Freitag, 7. August 2009

Vent darling, vent meg i enden av November...

Heute morgen bin ich zur Polizei gefahren. Schon wieder. Diesmal früh und mit eisernem Willen. Allerdings steht schon eine riesige Schlange von Menschen vor der Behörde, als ich gegen 8.30 Uhr eintreffe. Ich schaue auf die Anzeige: Nummer 16. Ich drücke auf den Knopf und bete... Lass es was unter 50 sein, lass es was unter 50 sein... Pling. Nummer 93.
Na toll...
Da suche ich mir lieber mal was zum Sitzen. Ich sehe ein lesendes Mädchen mit pinken Haaren. Zu dem setz ich mich mal. Die sieht interessanter aus, als all die muslimischen Mütter oder Asiaten. Ich schiele verstohlen in ihr Buch. Es ist deutsch. Sie ist deutsch. Hmm... Ob ich sie anspreche? Nein, zu progressiv. Ich vermittele ihr einfach mich anzusprechen. Ich hole also meinen Hausarbeitskram heraus, den Teil mit den deutschen Texten. Ich merke, dass sie es sieht, aber sie sagt nichts. Hmpf. Frustriert stecke ich den Kram in meine Tasche und meinen iPod in meine Ohren. Wenige Minuten später legt sie ihr Buch weg. Okay. Ich versuch´s nochmal. Ich tausche iPod gegen Hausarbeitskram. Warte kurz ab. Und ZACK! Kommunikasjon!

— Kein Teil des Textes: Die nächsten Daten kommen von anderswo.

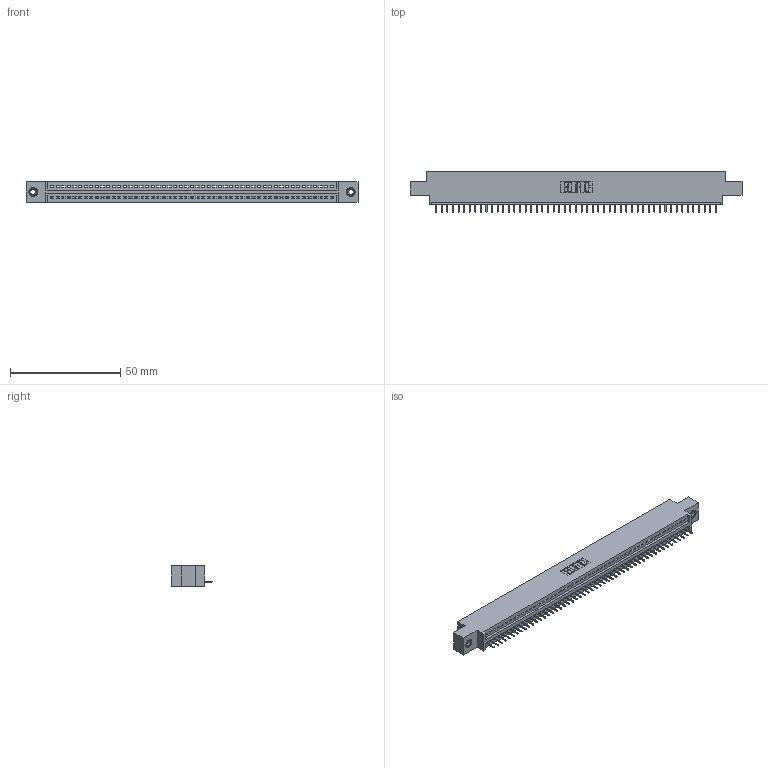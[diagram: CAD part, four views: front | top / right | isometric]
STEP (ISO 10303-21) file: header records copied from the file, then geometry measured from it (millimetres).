
FILE_DESCRIPTION (( 'STEP AP203' ), '1' );
FILE_NAME ('845-051-525-608.STEP', '2020-09-23T10:17:30', ( '' ), ( '' ), 'SwSTEP 2.0', 'SolidWorks 2020', '' );
FILE_SCHEMA (( 'CONFIG_CONTROL_DESIGN' ));
Length unit declared in the file: inch
Products named in the file (4): 345-292-001_345-293-125; 845-051-525-608; 345-250-001_345-250-003-102; 845 Part_0.170 Offset - 0.156 Dia-TI
Assembly tree (54 placements, depth 2):
  845-051-525-608
    845 Part_0.170 Offset - 0.156 Dia-TI
    345-292-001_345-293-125  x51
    345-250-001_345-250-003-102  x2
Bounding box: 150.75 x 18.72 x 9.4 mm (x, y, z)
Volume: 14063.9 mm3; surface area: 18263.3 mm2
Topology: 54 solids, 54 shells, 3352 faces, 9669 edges, 6234 vertices
Faces by surface type: plane 2462, cylinder 874, cone 12, torus 4
Entity records: 38564 total; most frequent: CARTESIAN_POINT 6660, ORIENTED_EDGE 6638, DIRECTION 5831, EDGE_CURVE 3319, VECTOR 2967, LINE 2967, VERTEX_POINT 2204, AXIS2_PLACEMENT_3D 1432
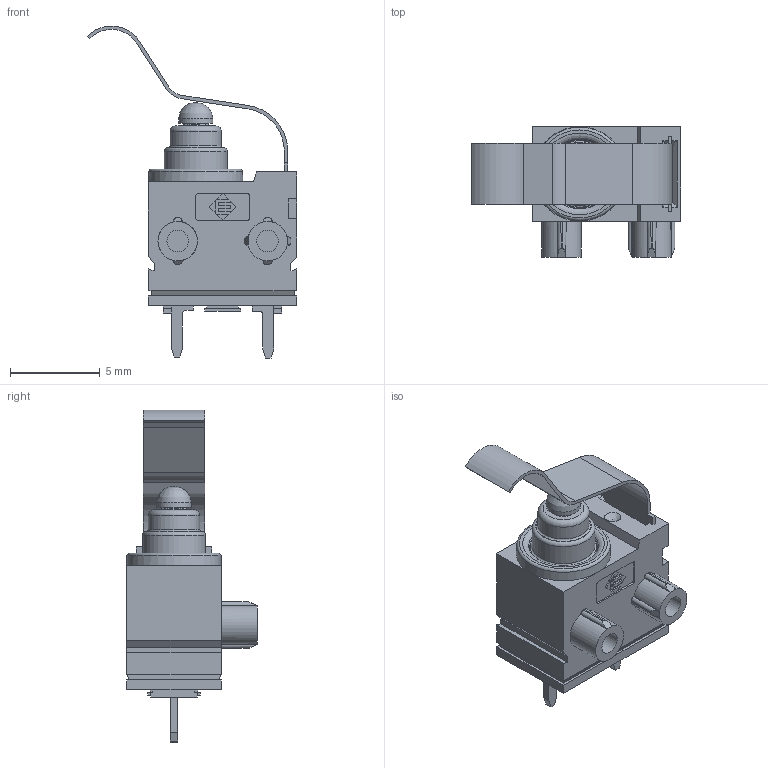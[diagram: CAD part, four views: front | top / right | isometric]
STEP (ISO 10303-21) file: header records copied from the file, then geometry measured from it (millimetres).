
FILE_DESCRIPTION(/* description */ (''),/* implementation_level */ '2;1');
FILE_NAME(/* name */ 'TD1250CF160QP1.stp',/* time_stamp */ '2024-02-16T14:37:31-06:00',/* author */ ('mroman'),/* organization */ (''),/* preprocessor_version */ 'ST-DEVELOPER v18.1',/* originating_system */ 'Autodesk Inventor 2022',/* authorisation */ '');
FILE_SCHEMA (('AUTOMOTIVE_DESIGN { 1 0 10303 214 3 1 1 }'));
Length unit declared in the file: millimetre
Products named in the file (1): TD1250CF160QP1
Bounding box: 11.66 x 7.25 x 18.46 mm (x, y, z)
Volume: 359.3 mm3; surface area: 569.2 mm2
Topology: 1 solids, 2 shells, 249 faces, 656 edges, 427 vertices
Faces by surface type: plane 191, cylinder 46, torus 6, cone 4, bspline 2
Full cylindrical faces by diameter (mm): 1.2 x3, 1.904 x1, 2.85 x1, 3.5 x1, 4.5 x1, 4.65 x1
Entity records: 7708 total; most frequent: CARTESIAN_POINT 1384, ORIENTED_EDGE 1310, DIRECTION 1283, EDGE_CURVE 655, LINE 523, VECTOR 523, VERTEX_POINT 427, AXIS2_PLACEMENT_3D 380
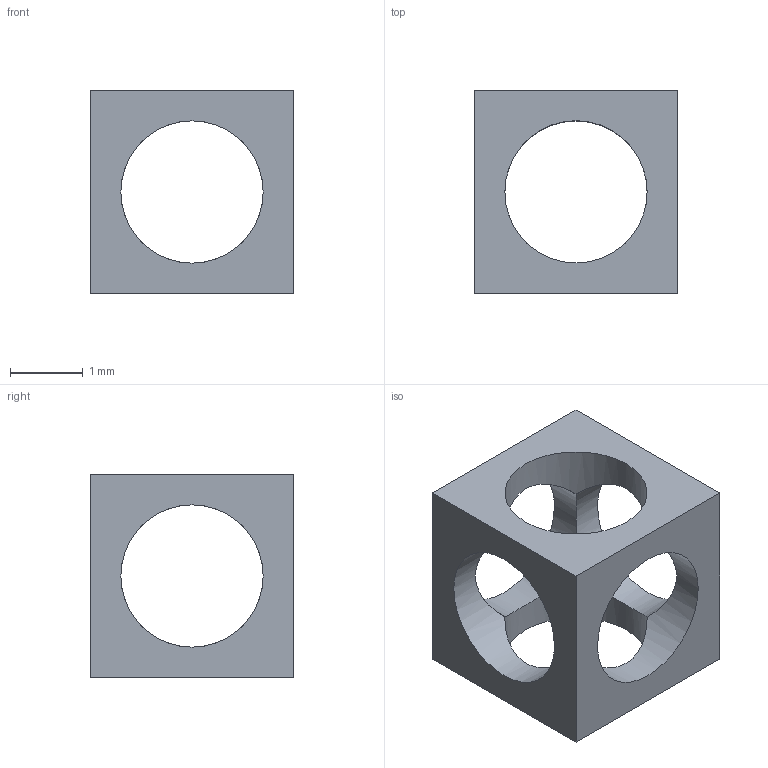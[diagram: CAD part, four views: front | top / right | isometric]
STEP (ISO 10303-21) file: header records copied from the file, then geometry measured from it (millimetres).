
FILE_DESCRIPTION(('Open CASCADE Model'),'2;1');
FILE_NAME('Open CASCADE Shape Model','2024-02-03T12:02:14',('Author'),( 'Open CASCADE'),'Open CASCADE STEP processor 7.5','Open CASCADE 7.5' ,'Unknown');
FILE_SCHEMA(('AUTOMOTIVE_DESIGN { 1 0 10303 214 1 1 1 1 }'));
Length unit declared in the file: millimetre
Products named in the file (1): Open CASCADE STEP translator 7.5 1
Bounding box: 2.8 x 2.8 x 2.8 mm (x, y, z)
Volume: 7.3 mm3; surface area: 48.1 mm2
Topology: 1 solids, 1 shells, 12 faces, 44 edges, 30 vertices
Faces by surface type: plane 6, cylinder 6
Full cylindrical faces by diameter (mm): 1.96 x6
Entity records: 1340 total; most frequent: CARTESIAN_POINT 503, DIRECTION 144, ORIENTED_EDGE 88, PCURVE 88, DEFINITIONAL_REPRESENTATION 88, LINE 60, VECTOR 60, EDGE_CURVE 44

Die Gute heisst Esther, hat aus Überzeugung pinke Haare und studiert Theologie. Sie hat die Nummer 53. Wir warten zusammen und erzählen so über dies und das. Alles wirkt recht ungezwungen. Sie bleibt ein Jahr hier und ist nicht an der UiO, aber das ist ja kein Grund, nicht weiter mit ihr zu sprechen. Ich bin ja auch nie darum verlegen, mich in einem peinlichen Licht darzustellen und erzähle ihr deswegen meine Herdgeschichte. Sie guckt mich verständnisvoll an und erklärt dann ganz gelassen, dass das in moderneren Wohnheimen schon so ist, dass man bei dem Herd eine Zeitschaltuhr anmachen muss, damit er überhaupt angeht. Die Uhr ist dafür da, dass der Herd sich von selbst wieder ausschaltet, falls doofe Studenten das vergessen und das ganze Wohnheim niederbrennen könnte... HAHA! Ich triumphiere!

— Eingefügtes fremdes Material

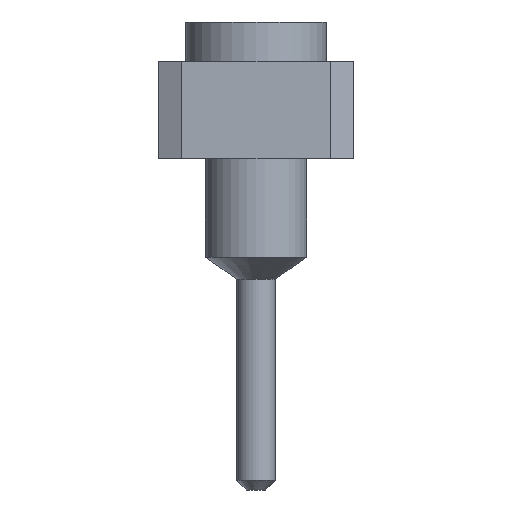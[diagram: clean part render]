
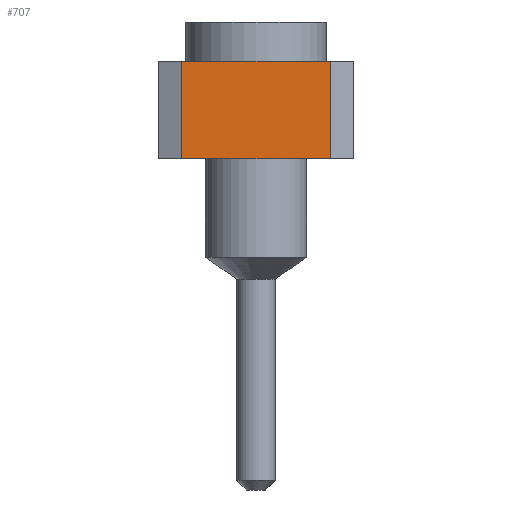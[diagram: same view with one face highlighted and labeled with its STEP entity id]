
A CAD part, left-side view. The second image highlights one B-rep face of the part: STEP entity #707.
In plain terms, the highlighted planar face has unit normal (-1, 0, 0).
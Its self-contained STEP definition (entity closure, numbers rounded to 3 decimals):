
#707=ADVANCED_FACE('',(#1572),#1574,.T.);
#1572=FACE_BOUND('',#1573,.T.);
#1573=EDGE_LOOP('',(#2349,#2350,#2351,#2352));
#1574=PLANE('',#1575);
#1575=AXIS2_PLACEMENT_3D('',#1576,#1577,#1578);
#1576=CARTESIAN_POINT('',(-1.385,0.97,1.57));
#1577=DIRECTION('',(-1.,0.,0.));
#1578=DIRECTION('',(0.,-1.,0.));
#2349=ORIENTED_EDGE('',*,*,#2668,.T.);
#2350=ORIENTED_EDGE('',*,*,#2735,.T.);
#2351=ORIENTED_EDGE('',*,*,#2581,.F.);
#2352=ORIENTED_EDGE('',*,*,#2734,.F.);
#2581=EDGE_CURVE('',#2877,#2879,#2880,.T.);
#2668=EDGE_CURVE('',#3048,#3046,#3049,.T.);
#2734=EDGE_CURVE('',#3048,#2877,#3147,.T.);
#2735=EDGE_CURVE('',#3046,#2879,#3148,.T.);
#2877=VERTEX_POINT('',#3412);
#2879=VERTEX_POINT('',#3416);
#2880=LINE('',#3417,#3418);
#3046=VERTEX_POINT('',#3780);
#3048=VERTEX_POINT('',#3784);
#3049=LINE('',#3785,#3786);
#3147=LINE('',#4029,#4030);
#3148=LINE('',#4032,#4033);
#3412=CARTESIAN_POINT('',(-1.385,0.97,2.84));
#3416=CARTESIAN_POINT('',(-1.385,-0.97,2.84));
#3417=CARTESIAN_POINT('',(-1.385,0.97,2.84));
#3418=VECTOR('',#3419,1.);
#3419=DIRECTION('',(0.,-1.,0.));
#3780=CARTESIAN_POINT('',(-1.385,-0.97,1.57));
#3784=CARTESIAN_POINT('',(-1.385,0.97,1.57));
#3785=CARTESIAN_POINT('',(-1.385,0.97,1.57));
#3786=VECTOR('',#3787,1.);
#3787=DIRECTION('',(0.,-1.,0.));
#4029=CARTESIAN_POINT('',(-1.385,0.97,1.57));
#4030=VECTOR('',#4031,1.);
#4031=DIRECTION('',(0.,0.,1.));
#4032=CARTESIAN_POINT('',(-1.385,-0.97,1.57));
#4033=VECTOR('',#4034,1.);
#4034=DIRECTION('',(0.,0.,1.));

Die Zeit verstreicht und ich muss Andreas kontaktieren. Der hat mir nämlich gestern eine Nachricht bei studiVZ geschrieben, dass er jetzt auch in Oslo ist und sich gerne die Stadt ein bißchen angucken würde, aber das ungern allein macht und weil ich ja auch hier bin, hat er sich gefragt, ob ich ihn nicht begleiten mag.

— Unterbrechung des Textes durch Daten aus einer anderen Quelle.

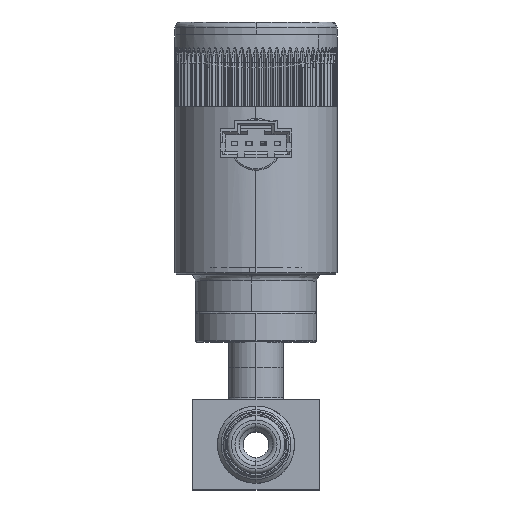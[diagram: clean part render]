
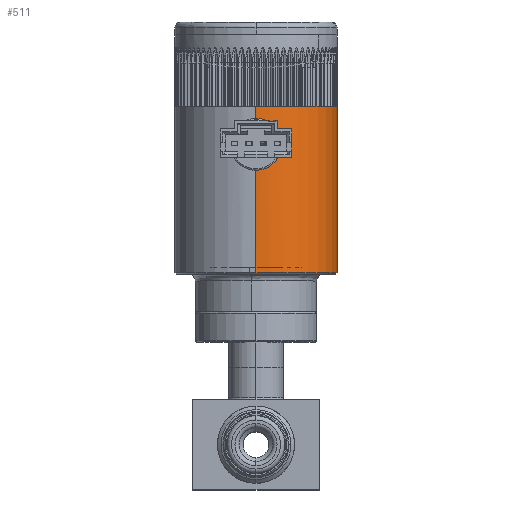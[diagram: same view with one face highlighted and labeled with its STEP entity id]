
A CAD part, top view. The second image highlights one B-rep face of the part: STEP entity #511.
In plain terms, the highlighted cylindrical face has radius 14.287 mm (diameter 28.575 mm), a partial arc.
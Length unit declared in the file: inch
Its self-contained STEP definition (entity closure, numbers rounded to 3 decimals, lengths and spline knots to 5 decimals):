
#407 = EDGE_LOOP ( 'NONE', ( #38416, #17474, #33311, #30963, #23035, #48162 ) ) ;
#511 = ADVANCED_FACE ( 'NONE', ( #35800 ), #34504, .T. ) ;
#1506 = CARTESIAN_POINT ( 'NONE',  ( 0., 1.685, 0.5625 ) ) ;
#1659 = DIRECTION ( 'NONE',  ( 0., 0., 1. ) ) ;
#2127 = LINE ( 'NONE', #18478, #21086 ) ;
#3204 = CARTESIAN_POINT ( 'NONE',  ( 0.1054, 1.63759, 0.55258 ) ) ;
#3363 = CARTESIAN_POINT ( 'NONE',  ( 0.12147, 1.47481, 0.54925 ) ) ;
#5188 = VECTOR ( 'NONE', #10567, 39.37008 ) ;
#6216 = CARTESIAN_POINT ( 'NONE',  ( 0., 0.655, 0.5625 ) ) ;
#7006 = B_SPLINE_CURVE_WITH_KNOTS ( 'NONE', 3,
 ( #7098, #31273, #15191, #43534, #19254, #47614, #23322, #51656, #27357, #3204, #31462, #7274, #35539, #11346, #39597, #15358, #43716, #19435, #47780, #23482, #51852, #27523, #3363, #31632, #7456, #35705, #11498, #39791, #15529, #43873, #19608, #47961, #23648, #52012 ),
 .UNSPECIFIED., .F., .F.,
 ( 4, 2, 2, 2, 2, 2, 2, 2, 2, 2, 2, 2, 2, 2, 2, 2, 4 ),
 ( 0.01115, 0.01185, 0.01255, 0.01325, 0.01394, 0.01464, 0.01534, 0.01603, 0.01673, 0.01743, 0.01813, 0.01882, 0.01952, 0.02022, 0.02091, 0.02161, 0.02231 ),
 .UNSPECIFIED. ) ;
#7010 = VERTEX_POINT ( 'NONE', #6216 ) ;
#7098 = CARTESIAN_POINT ( 'NONE',  ( 0., 1.685, 0.5625 ) ) ;
#7274 = CARTESIAN_POINT ( 'NONE',  ( 0.12142, 1.6153, 0.54926 ) ) ;
#7456 = CARTESIAN_POINT ( 'NONE',  ( 0.10545, 1.45246, 0.55257 ) ) ;
#8987 = VERTEX_POINT ( 'NONE', #31389 ) ;
#9441 = EDGE_CURVE ( 'NONE', #37760, #8987, #31999, .T. ) ;
#10567 = DIRECTION ( 'NONE',  ( 0., -1., 0. ) ) ;
#11283 = CARTESIAN_POINT ( 'NONE',  ( 0., 1.809, 0.5625 ) ) ;
#11346 = CARTESIAN_POINT ( 'NONE',  ( 0.13275, 1.5904, 0.54662 ) ) ;
#11498 = CARTESIAN_POINT ( 'NONE',  ( 0.08558, 1.43382, 0.556 ) ) ;
#13188 = EDGE_CURVE ( 'NONE', #8987, #34573, #15915, .T. ) ;
#13304 = EDGE_CURVE ( 'NONE', #18808, #7010, #13338, .T. ) ;
#13338 = LINE ( 'NONE', #11283, #45705 ) ;
#14585 = DIRECTION ( 'NONE',  ( 0., -1., 0. ) ) ;
#15005 = DIRECTION ( 'NONE',  ( 0., -1., 0. ) ) ;
#15191 = CARTESIAN_POINT ( 'NONE',  ( 0.0184, 1.68409, 0.56227 ) ) ;
#15358 = CARTESIAN_POINT ( 'NONE',  ( 0.13909, 1.56345, 0.54504 ) ) ;
#15529 = CARTESIAN_POINT ( 'NONE',  ( 0.06222, 1.41926, 0.55911 ) ) ;
#15915 = LINE ( 'NONE', #34774, #5188 ) ;
#17474 = ORIENTED_EDGE ( 'NONE', *, *, #9441, .T. ) ;
#18478 = CARTESIAN_POINT ( 'NONE',  ( 0., 1.809, -0.5625 ) ) ;
#18808 = VERTEX_POINT ( 'NONE', #48389 ) ;
#19254 = CARTESIAN_POINT ( 'NONE',  ( 0.04525, 1.6778, 0.56074 ) ) ;
#19435 = CARTESIAN_POINT ( 'NONE',  ( 0.14, 1.53571, 0.5448 ) ) ;
#19483 = AXIS2_PLACEMENT_3D ( 'NONE', #44700, #48766, #48596 ) ;
#19608 = CARTESIAN_POINT ( 'NONE',  ( 0.03656, 1.40954, 0.56138 ) ) ;
#20260 = AXIS2_PLACEMENT_3D ( 'NONE', #50149, #25858, #1659 ) ;
#21086 = VECTOR ( 'NONE', #14585, 39.37008 ) ;
#23035 = ORIENTED_EDGE ( 'NONE', *, *, #13304, .T. ) ;
#23322 = CARTESIAN_POINT ( 'NONE',  ( 0.0702, 1.66647, 0.55815 ) ) ;
#23482 = CARTESIAN_POINT ( 'NONE',  ( 0.13551, 1.50866, 0.54594 ) ) ;
#23648 = CARTESIAN_POINT ( 'NONE',  ( 0.00928, 1.405, 0.5625 ) ) ;
#25056 = EDGE_CURVE ( 'NONE', #34573, #18808, #7006, .T. ) ;
#25181 = CIRCLE ( 'NONE', #20260, 0.5625 ) ;
#25858 = DIRECTION ( 'NONE',  ( 0., 1., 0. ) ) ;
#27357 = CARTESIAN_POINT ( 'NONE',  ( 0.09255, 1.65044, 0.55487 ) ) ;
#27523 = CARTESIAN_POINT ( 'NONE',  ( 0.12577, 1.48283, 0.54827 ) ) ;
#30963 = ORIENTED_EDGE ( 'NONE', *, *, #25056, .T. ) ;
#31273 = CARTESIAN_POINT ( 'NONE',  ( 0.00928, 1.685, 0.5625 ) ) ;
#31389 = CARTESIAN_POINT ( 'NONE',  ( 0., 1.809, 0.5625 ) ) ;
#31462 = CARTESIAN_POINT ( 'NONE',  ( 0.11118, 1.63057, 0.55143 ) ) ;
#31632 = CARTESIAN_POINT ( 'NONE',  ( 0.11133, 1.45962, 0.5514 ) ) ;
#31999 = CIRCLE ( 'NONE', #38918, 0.5625 ) ;
#33297 = CARTESIAN_POINT ( 'NONE',  ( 0., 1.809, -0.5625 ) ) ;
#33311 = ORIENTED_EDGE ( 'NONE', *, *, #13188, .T. ) ;
#34504 = CYLINDRICAL_SURFACE ( 'NONE', #19483, 0.5625 ) ;
#34573 = VERTEX_POINT ( 'NONE', #1506 ) ;
#34774 = CARTESIAN_POINT ( 'NONE',  ( 0., 1.809, 0.5625 ) ) ;
#35482 = DIRECTION ( 'NONE',  ( 0., -1., 0. ) ) ;
#35539 = CARTESIAN_POINT ( 'NONE',  ( 0.12575, 1.60722, 0.54828 ) ) ;
#35705 = CARTESIAN_POINT ( 'NONE',  ( 0.0926, 1.43961, 0.55486 ) ) ;
#35800 = FACE_OUTER_BOUND ( 'NONE', #407, .T. ) ;
#35875 = VERTEX_POINT ( 'NONE', #46390 ) ;
#37760 = VERTEX_POINT ( 'NONE', #33297 ) ;
#38416 = ORIENTED_EDGE ( 'NONE', *, *, #44792, .F. ) ;
#38918 = AXIS2_PLACEMENT_3D ( 'NONE', #39240, #15005, #43336 ) ;
#39240 = CARTESIAN_POINT ( 'NONE',  ( 0., 1.809, 0. ) ) ;
#39597 = CARTESIAN_POINT ( 'NONE',  ( 0.13546, 1.58156, 0.54595 ) ) ;
#39791 = CARTESIAN_POINT ( 'NONE',  ( 0.07031, 1.42359, 0.55814 ) ) ;
#40621 = EDGE_CURVE ( 'NONE', #7010, #35875, #25181, .T. ) ;
#43336 = DIRECTION ( 'NONE',  ( 0., 0., 1. ) ) ;
#43534 = CARTESIAN_POINT ( 'NONE',  ( 0.03634, 1.68051, 0.5614 ) ) ;
#43716 = CARTESIAN_POINT ( 'NONE',  ( 0.14, 1.55428, 0.5448 ) ) ;
#43873 = CARTESIAN_POINT ( 'NONE',  ( 0.04541, 1.41225, 0.56073 ) ) ;
#44700 = CARTESIAN_POINT ( 'NONE',  ( 0., 1.809, 0. ) ) ;
#44792 = EDGE_CURVE ( 'NONE', #37760, #35875, #2127, .T. ) ;
#45705 = VECTOR ( 'NONE', #35482, 39.37008 ) ;
#46390 = CARTESIAN_POINT ( 'NONE',  ( 0., 0.655, -0.5625 ) ) ;
#47614 = CARTESIAN_POINT ( 'NONE',  ( 0.06218, 1.67077, 0.55912 ) ) ;
#47780 = CARTESIAN_POINT ( 'NONE',  ( 0.13909, 1.52659, 0.54504 ) ) ;
#47961 = CARTESIAN_POINT ( 'NONE',  ( 0.01845, 1.40591, 0.56227 ) ) ;
#48162 = ORIENTED_EDGE ( 'NONE', *, *, #40621, .T. ) ;
#48389 = CARTESIAN_POINT ( 'NONE',  ( 0., 1.405, 0.5625 ) ) ;
#48596 = DIRECTION ( 'NONE',  ( 0., 0., 1. ) ) ;
#48766 = DIRECTION ( 'NONE',  ( 0., -1., 0. ) ) ;
#50149 = CARTESIAN_POINT ( 'NONE',  ( 0., 0.655, 0. ) ) ;
#51656 = CARTESIAN_POINT ( 'NONE',  ( 0.08539, 1.65632, 0.55603 ) ) ;
#51852 = CARTESIAN_POINT ( 'NONE',  ( 0.1328, 1.49976, 0.54661 ) ) ;
#52012 = CARTESIAN_POINT ( 'NONE',  ( 0., 1.405, 0.5625 ) ) ;

Ich mag. Der Authismusgrind muss ab. In diesem leeren Flur hab ich zu wenig menschliche Kontakte und ich muss mich ja für die Einführungswoche aufwärmen.
Allerdings kann ich nicht pünktlich zur verabredeten Zeit da sein. Ich verschiebe es auf 12.30 Uhr. Kein Problem für ihn.
Dann ist Esther dran. Bei ihr klappt alles reibungslos, sie braucht nur noch ein paar Kopien, die man auf der anderen Seite der Straße kostenlos machen kann. Kostenlos? Ich mache meine Kopien auch da... Tatsächlich sagt niemand etwas. Na gut.
Esther weiß nicht, was sie heute noch machen soll. Sie taut zwar gerade den Kühlschrank in ihrem Wohnheim ab, aber das ist ja nicht wirklich ausfüllend. Also erzähle ich ihr, dass ich mich nachher mit Andi treffe um mit ihm zur Museumsinsel zu fahren und frage sie, ob sie nicht Lust hat auch mitzukommen. (I´m so fucking social.) Sie hat. Sie will nur erst nach Hause etwas essen und dann kommt sie zurück und wartet den Rest der Zeit mit mir ab. Außerdem meint sie, muss sie eine Sonnenbrille holen. Das Wetter ist zu gut um ohne eine durch die Stadt zu laufen...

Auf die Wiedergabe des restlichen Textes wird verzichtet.